Model And Reranker Calibration
CoreTex uses two model roles:
| Model role | Launch selection | Why |
|---|---|---|
| Bi-encoder | BAAI/bge-m3 |
Produces compact dense retrieval vectors for queries and corpus documents |
| Production reranker | Qwen/Qwen3-Reranker-0.6B |
Reranks query/document pairs on CPU with a practical 0.6B footprint |
| Offline audit/reference reranker | IAAR-Shanghai/MemReranker-4B |
Stronger memory-specific audit path for qrel and benchmark sanity checks |
The production path is CPU-only. Miners may use any model or GPU setup to search for good patches, but accepted work is scored by the pinned CoreTex evaluator. That keeps canonical scoring from becoming "most expensive GPU wins."
The 0.6B reranker was selected for the launch path because it is public, pinnable by immutable revision and file hashes, practical for CPU evaluation, and strong enough to provide a meaningful retrieval signal. The audit/reference reranker is deliberately separate.

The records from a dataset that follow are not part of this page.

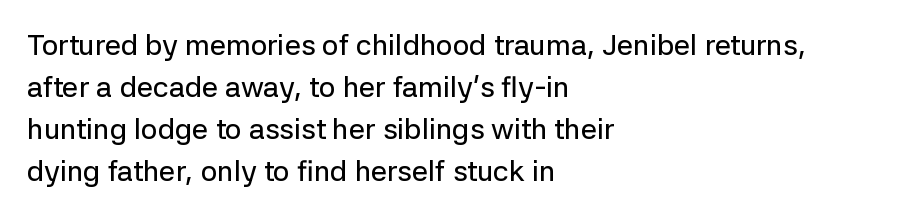
The image shows 29 px sans-serif type, upright; set left-aligned, normal line spacing (1.45x), normal letter spacing, not underlined; low stroke contrast and a medium x-height.
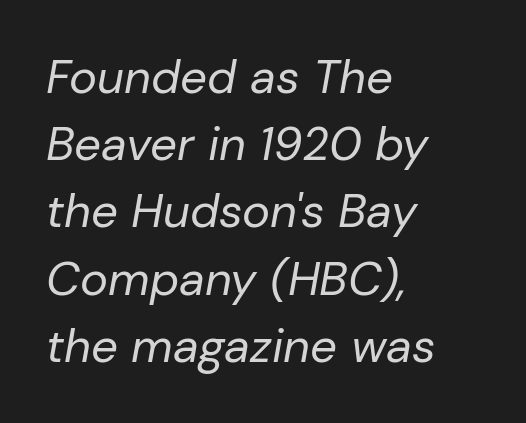
The image shows 47 px regular-weight type, italic (leaning right); set left-aligned, normal line spacing (1.43x), normal letter spacing, not underlined; low stroke contrast and a medium x-height.
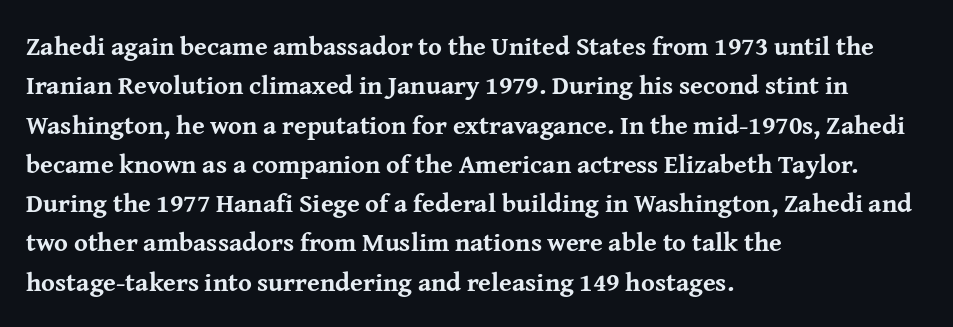
Q: Is the text bold? A: Yes.
Q: Is the text italic (slanted)? A: No, it is upright.
Q: Is the text underlined? A: No.
Q: How is the paragraph aligned? A: Left-aligned.
Q: Is the spacing between letters normal or unusually wide? A: Normal.
Q: Is the spacing between lines tight, normal or loose? A: Normal.
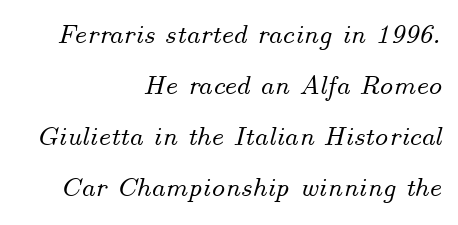
Q: Is the text italic (slanted)? A: Yes, it leans right by about 14 degrees.
Q: Is the text underlined? A: No.
Q: How is the paragraph aligned? A: Right-aligned.
Q: Is the spacing between letters normal or unusually wide? A: Normal.
Q: Width (condensed, normal, or wide)? A: Normal.
Q: Stroke contrast? A: Medium.
Q: x-height? A: Small.
Q: Monospaced? A: No.
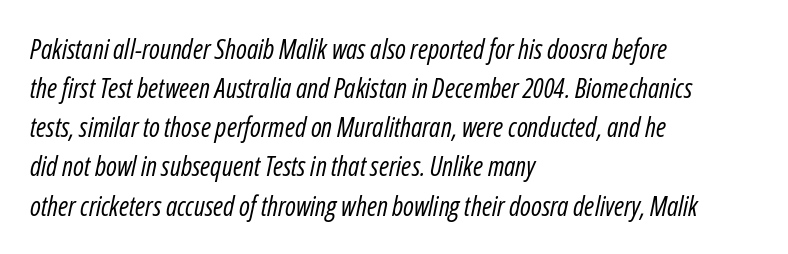
Q: Is the text bold? A: No.
Q: Is the text italic (slanted)? A: Yes, it leans right by about 12 degrees.
Q: Is the text underlined? A: No.
Q: How is the paragraph aligned? A: Left-aligned.
Q: Is the spacing between letters normal or unusually wide? A: Normal.
Q: Is the spacing between lines tight, normal or loose? A: Normal.
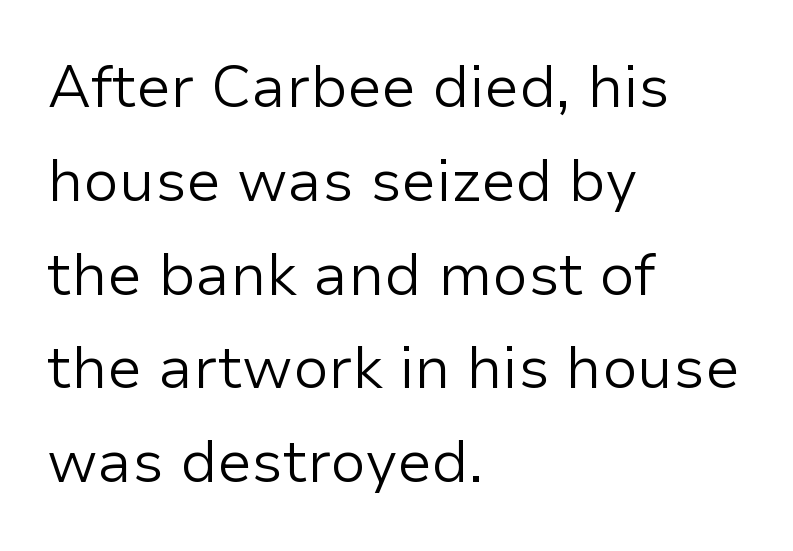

It can be used during corpus validation to check whether qrel categories agree with a stronger memory-specific model, but live eval does not depend on it.
Calibration produces or validates:
| Calibration output | Meaning |
|---|---|
replayTolerancePpm |
Maximum score drift tolerated between coordinator and replay |
minImprovementPpm |
Minimum improvement required over the parent substrate |
baselineParentScorePpm |
Parent score on the calibrated baseline pack |
baselineVariancePpm |
Measured baseline variance across calibration samples |
| hidden-pack quotas | Required family/depth coverage inside sampled packs |
| qrel map sanity | Whether category labels track reranker score order |
The staging calibration record showed the full BGE-M3/Qwen3/MemReranker pipeline executing end to end. The launch corpus is larger and uses the synthesizer-label path, so final bundle values are produced after the launch corpus completes.